=== Task input ===
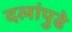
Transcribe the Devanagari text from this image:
दलांपुढे
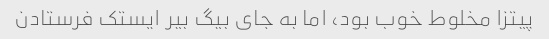
پیتزا مخلوط خوب بود، اما به جای بیگ بیر ایستک فرستادن
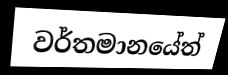
වර්තමානයේත්
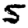
Digit: 5
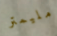
مليمتر
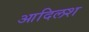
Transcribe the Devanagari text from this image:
आदिलश
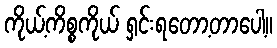
ကိုယ့်ကိစ္စကိုယ် ရှင်းရတော့တာပေါ့။
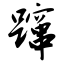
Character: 蹿
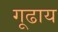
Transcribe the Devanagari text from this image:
गूढाय
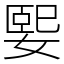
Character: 媐
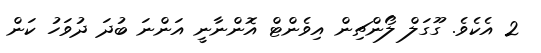
2 އެކެވެ. ގޫގަލް ލޯންޗިން އިވެންޓް އޮންނާނީ އަންނަ ބުދަ ދުވަހު ކަން
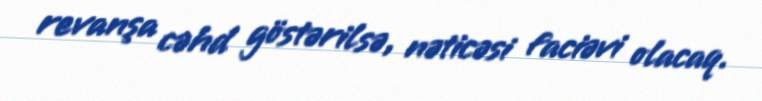
revanşa cəhd göstərilsə, nəticəsi faciəvi olacaq.
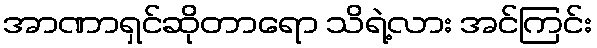
အာဏာရှင်ဆိုတာရော သိရဲ့လား အင်ကြင်း
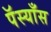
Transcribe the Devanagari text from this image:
पॅस्याँस
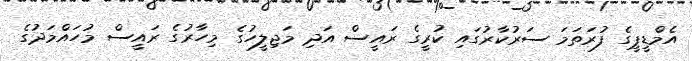
އެމްޑީޕީގެ ފުރަތަމަ ސަރުކާރުގައި ކުރީގެ ރައީސް އަދި މަޖިލީހުގެ މިހާރުގެ ރައީސް މުހައްމަދުގެ
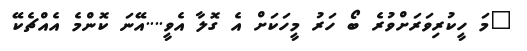
"މަ ހީކުރިވަރަށްވުރެ ބޯ ހަރު މީހަކަށް އެ ގޮލާ އެވީ....އޭނަ ކޮންމެ އެއްޗެކޭ
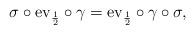
LaTeX: \begin{align*}\sigma\circ \mathrm{ev}_\frac{1}{2} \circ\gamma=\mathrm{ev}_\frac{1}{2} \circ \gamma\circ\sigma,\end{align*}
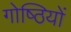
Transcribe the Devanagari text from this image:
गोष्‍ठियों
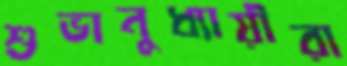
শুভানুধ্যায়ীরা
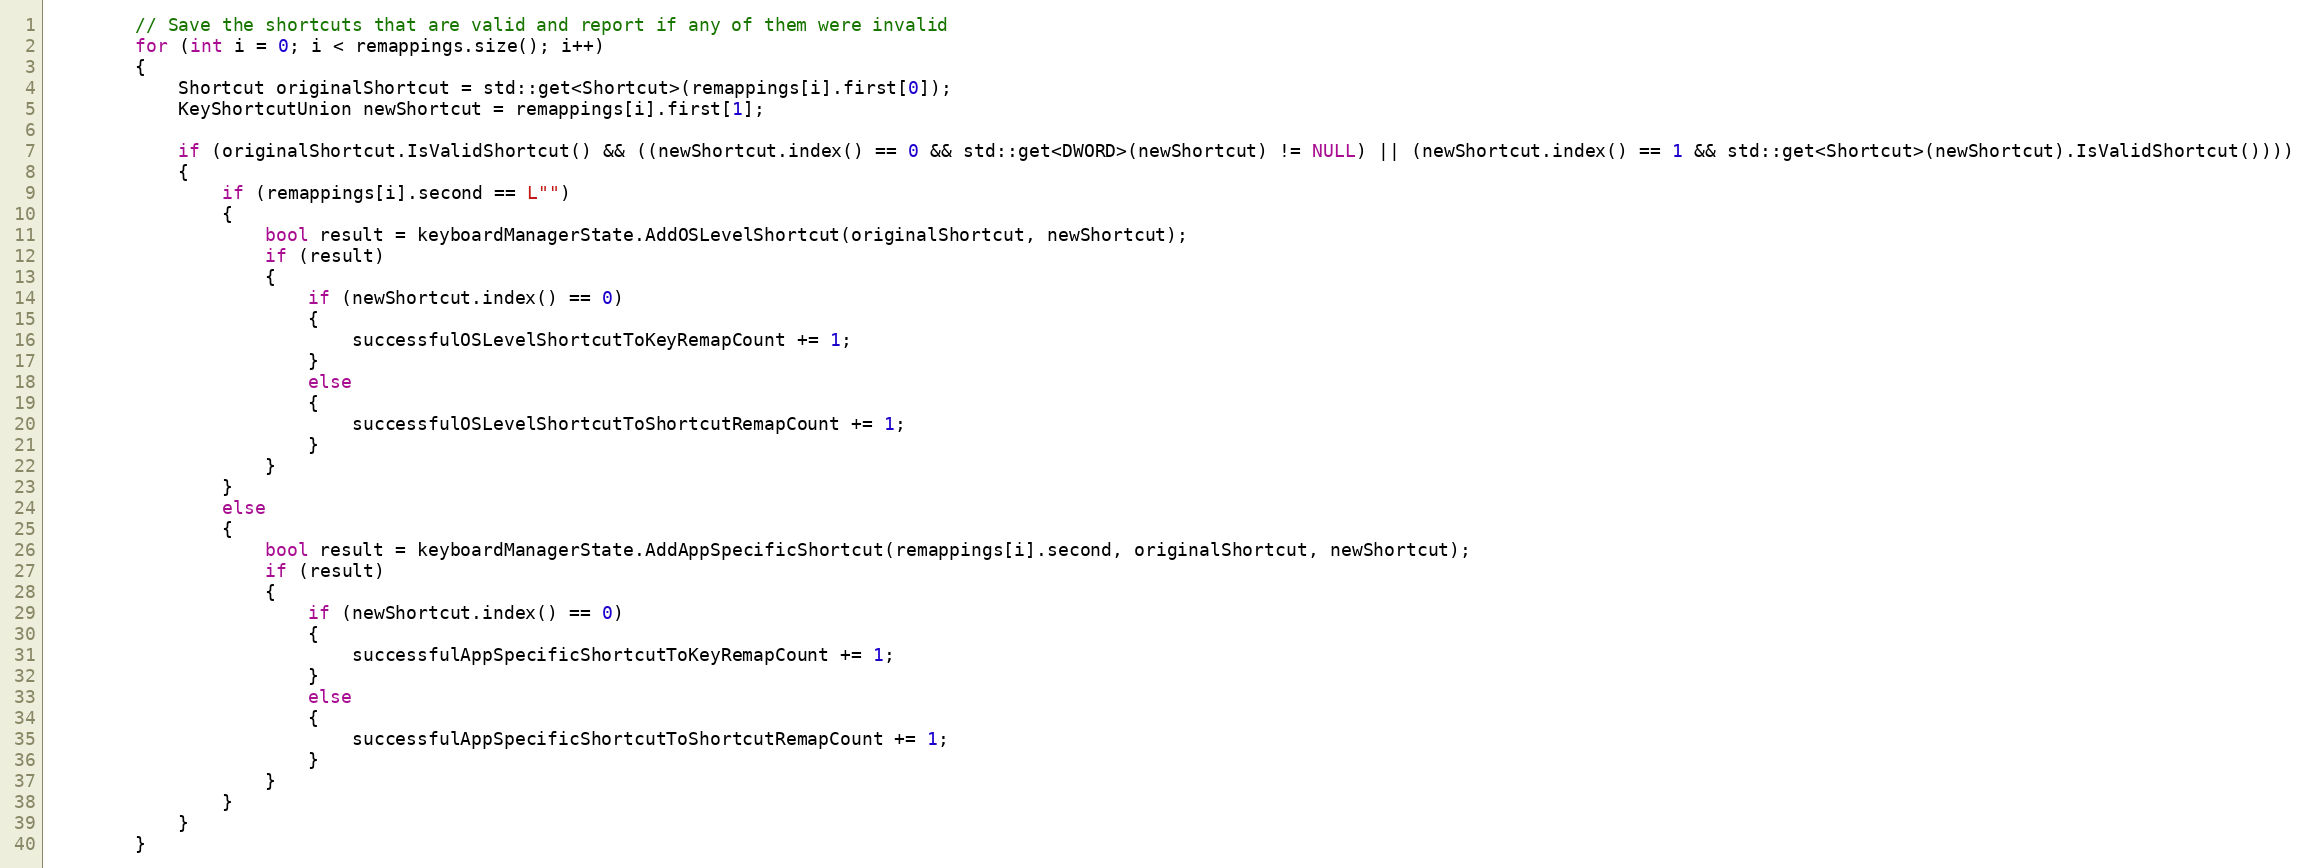
Language: C++
        // Save the shortcuts that are valid and report if any of them were invalid
        for (int i = 0; i < remappings.size(); i++)
        {
            Shortcut originalShortcut = std::get<Shortcut>(remappings[i].first[0]);
            KeyShortcutUnion newShortcut = remappings[i].first[1];

            if (originalShortcut.IsValidShortcut() && ((newShortcut.index() == 0 && std::get<DWORD>(newShortcut) != NULL) || (newShortcut.index() == 1 && std::get<Shortcut>(newShortcut).IsValidShortcut())))
            {
                if (remappings[i].second == L"")
                {
                    bool result = keyboardManagerState.AddOSLevelShortcut(originalShortcut, newShortcut);
                    if (result)
                    {
                        if (newShortcut.index() == 0)
                        {
                            successfulOSLevelShortcutToKeyRemapCount += 1;
                        }
                        else
                        {
                            successfulOSLevelShortcutToShortcutRemapCount += 1;
                        }
                    }
                }
                else
                {
                    bool result = keyboardManagerState.AddAppSpecificShortcut(remappings[i].second, originalShortcut, newShortcut);
                    if (result)
                    {
                        if (newShortcut.index() == 0)
                        {
                            successfulAppSpecificShortcutToKeyRemapCount += 1;
                        }
                        else
                        {
                            successfulAppSpecificShortcutToShortcutRemapCount += 1;
                        }
                    }
                }
            }
        }
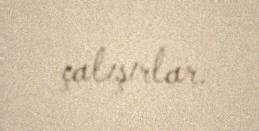
çalışırlar.
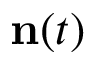
{ \bf n } ( t )
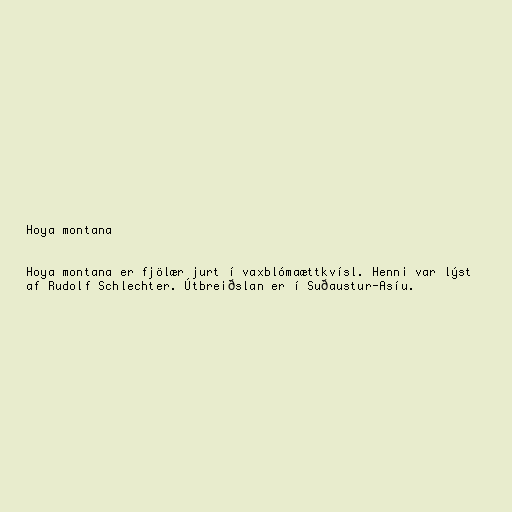
Hoya montana

Hoya montana er fjölær jurt í vaxblómaættkvísl. Henni var lýst
af Rudolf Schlechter. Útbreiðslan er í Suðaustur-Asíu.
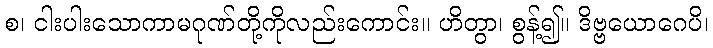
စ၊ ငါးပါးသောကာမဂုဏ်တို့ကိုလည်းကောင်း။ ဟိတွာ၊ စွန့်၍။ ဒိဗ္ဗယောဂေပိ၊
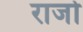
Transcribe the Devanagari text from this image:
राजो
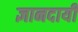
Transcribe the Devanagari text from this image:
ज्ञानदायी
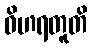
ဝိဟရတူတိ
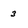
Character: 3
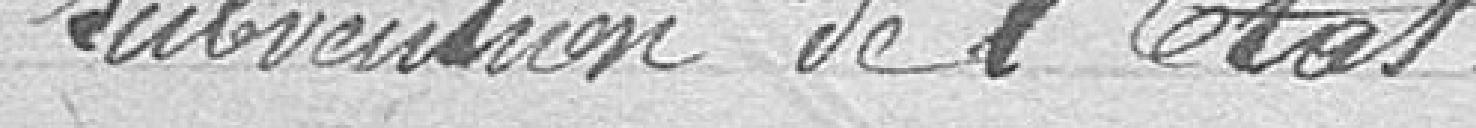
Subvention de l'Etat
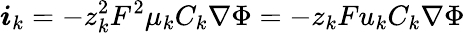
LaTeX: \boldsymbol{i}_{k}=-z_{k}^{2}F^{2}\mu_{k}C_{k}\nabla\Phi=-z_{k}Fu_{k}C_{k}\nabla\Phi
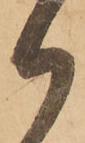
御
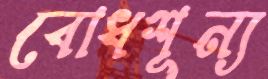
বোধশূন্য
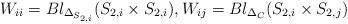
LaTeX: \begin{align*}W_{ii} = Bl_{\Delta _{S_{2,i}}} (S_{2,i}\times S_{2,i}), W_{ij} = Bl_{\Delta _C} (S_{2,i}\times S_{2,j})\end{align*}
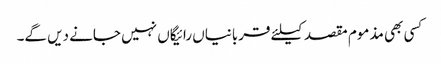
کسی بھی مذموم مقصد کیلئے قربانیاں رائیگاں نہیں جانے دیں گے۔
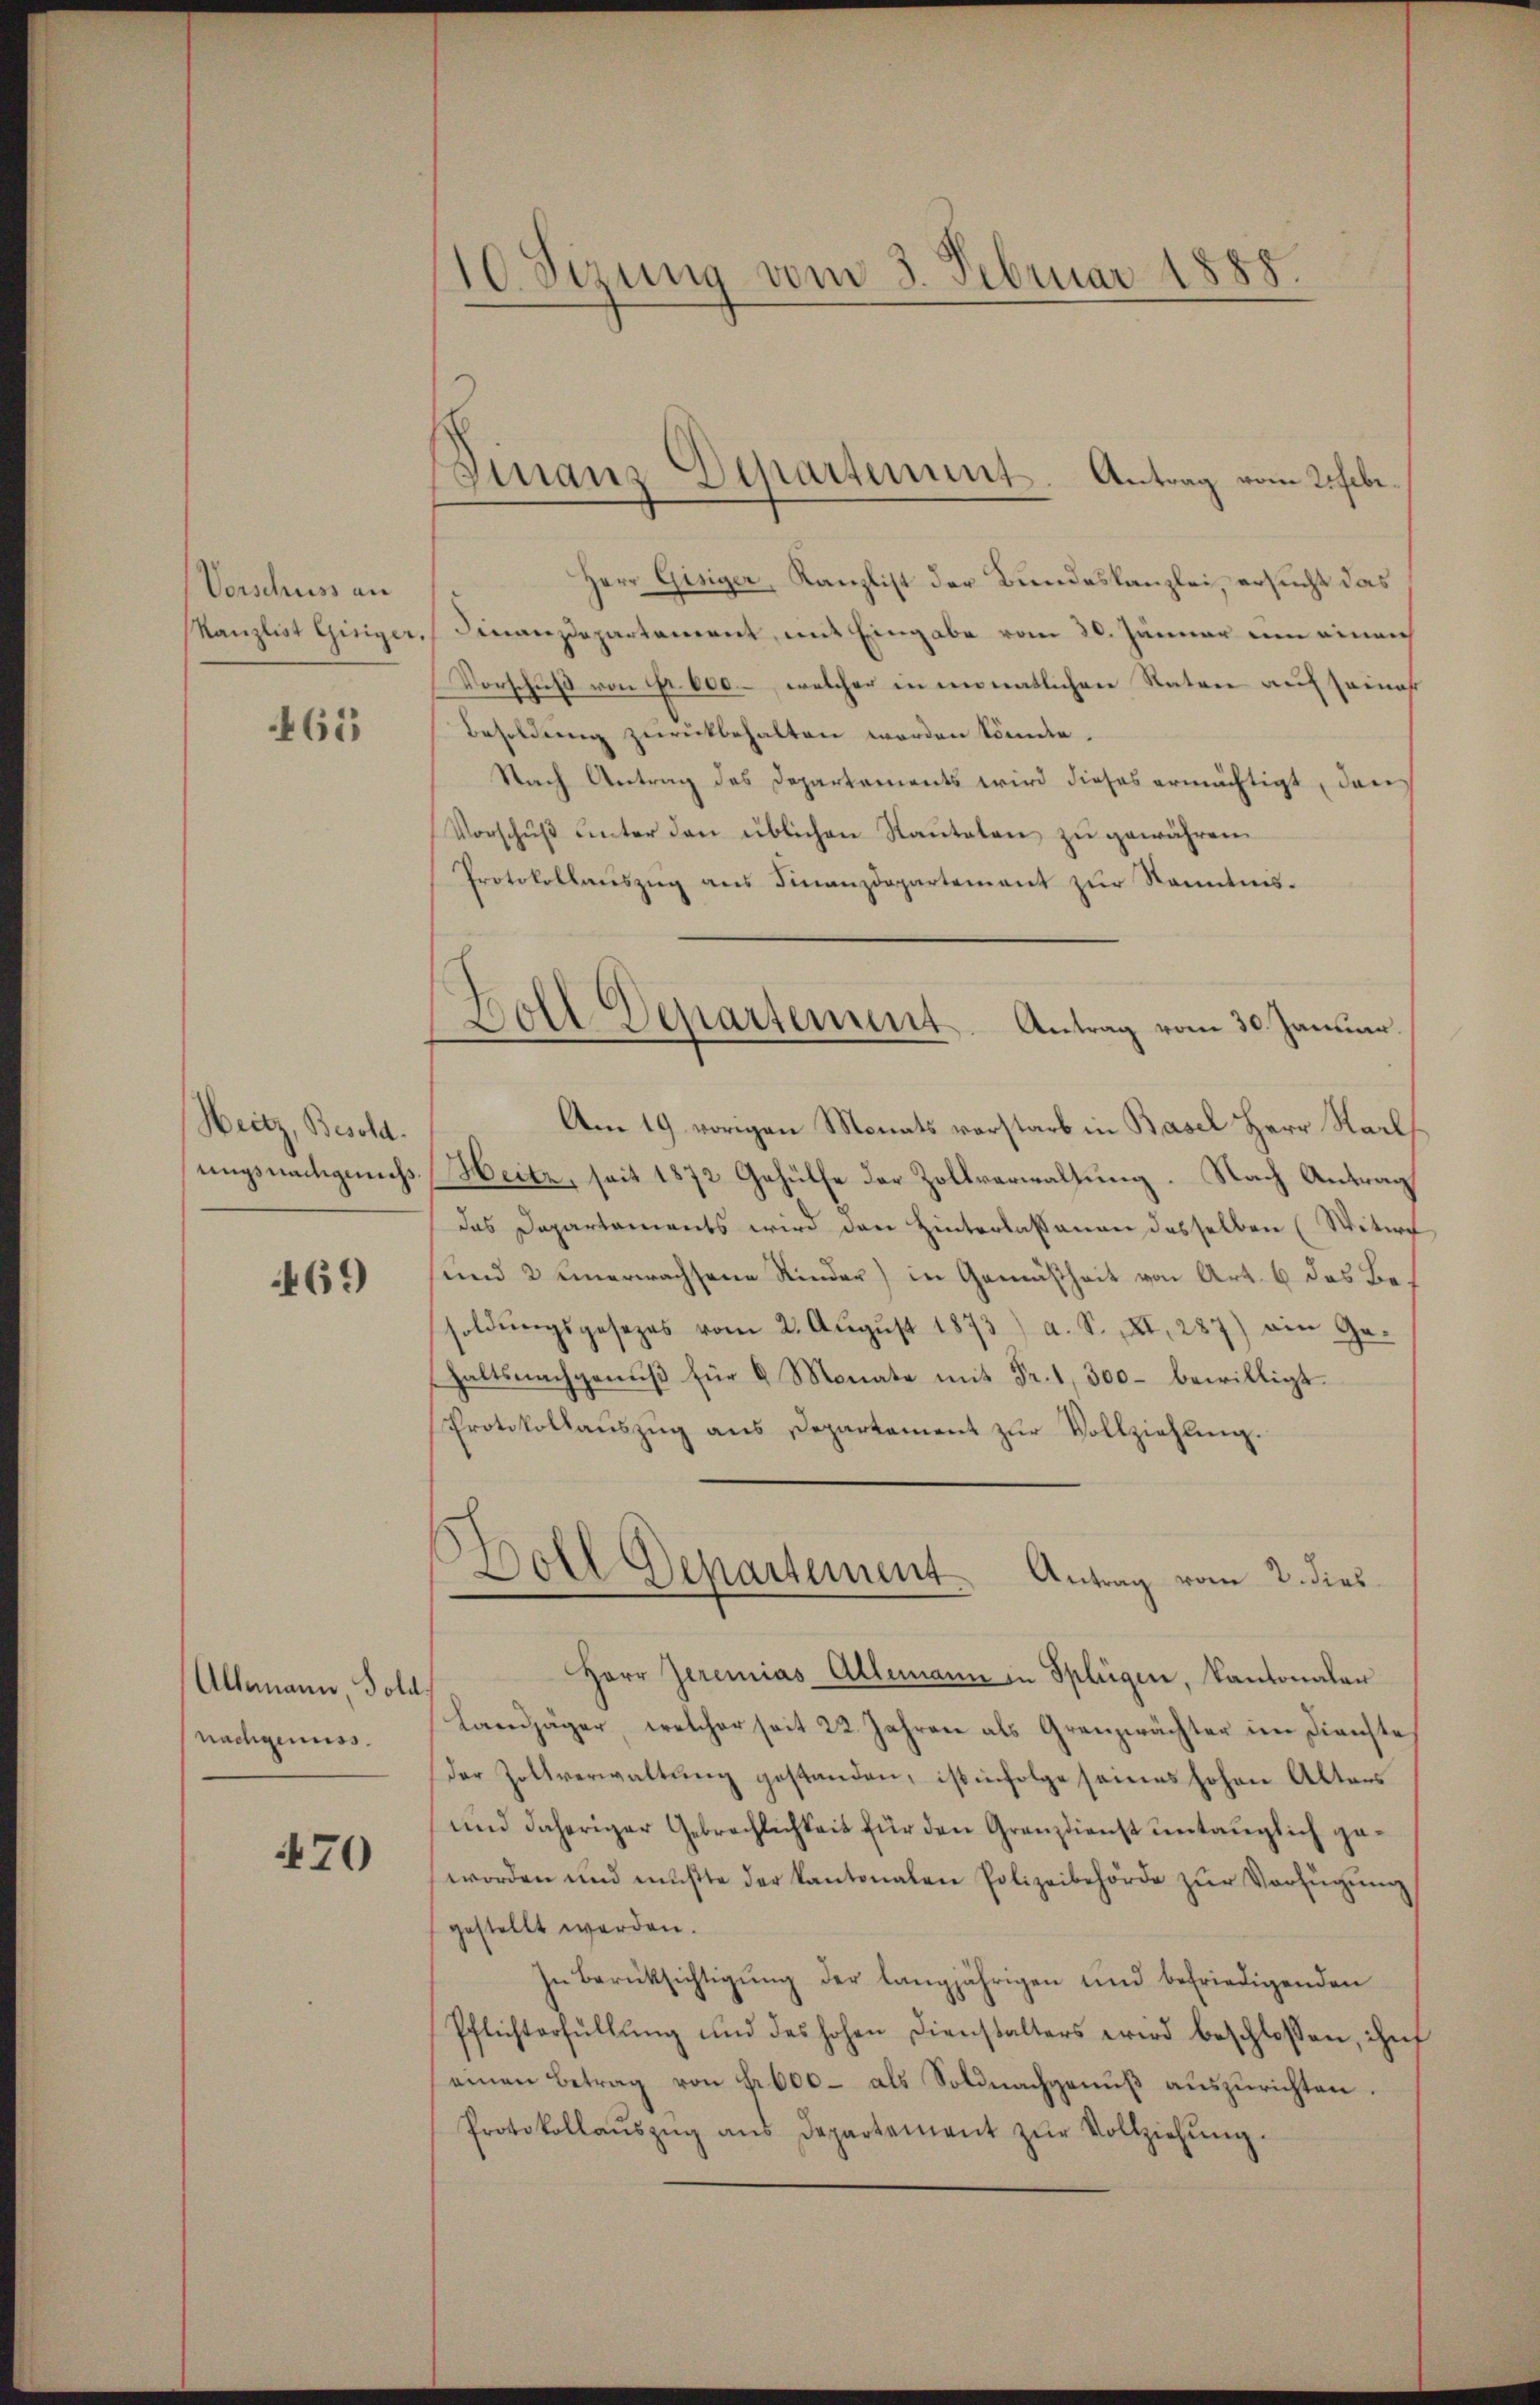
Vorschuss an
Kanzlist Gisiger

465

Heitz, Besold.
ungsnachgenieß

469

Allemann Told.
nachgenuss.

470

10. Sizung vom 3. Februar 1888.

Finanz-Departement. Antrag vom 21 Febr.

Herr Gisiger, Kanzlist der Bundeskanzlei, ersucht das
Finanzdepartement, mit Eingabe vom 20. Jänner um einan
Vorschuß von Fr. 600, welcher in monatlichen Raten auf seina
Besoldung zurückbehalten worden könnte.
Nach Antrag des Departements wird dieses ermächtigt, den
Vorschŭβ ŭnter den üblichen Staŭteten zŭ gewähren.
Protokollaŭszŭg ans Finanzdepartement zŭr Kenntnis-
Am 19. vorigen Monats vorstarb in Basel Herr Stadl
Heitz, seit 1872 Gehülfe der Zollverwaltung. Nach Antrag
das Departaments wird den Hinterlassenen desselben (Witwe
und 2 einerwachsene Kinder) in Gemäßheit von Art. 6 das Besoldŭngsgesezes vom 2. Aŭgŭst 1873) a. S. XI. 287) ein Ge-
haltsnachgenuß für 6 Monate mit Fr. 1, 300 bewilligt.
Protokollaŭszŭg ans Departement zŭr Vollziehung.
Boll Departement Antrag vom 2. dies
Herr Jeremias Allemann in Splügen, Kantonaler
Landjäger, welcher seit 22 Jahren als Granzwächter im Dienste
der Zollverwaltung gestanden, ist infolge seines hohen Alters
und daheriger Gebrachlichkeit für den Granzdienst ventauglich ga
.
worden und müßte der Kantonalen Polizeibehörde zŭr Verfügŭng
gestellt werden.
In Berüksichtigung der langjährigen und befriedigenden
Pflichterfüllung und des hohen Dienstalters wird beschlossen, ihn
einen Betrag von Fr. 600- als Soldnachgenuß auszurichten.
Protokollaŭszŭg aŭs Departement zŭr Vollziehŭng.

Boll Departement. Antrag vom 30. Januar.
===
• [What to do]:
Report how many lines in the listing include the word "wird". Give nothing but the count.

• [Response to this task]:
3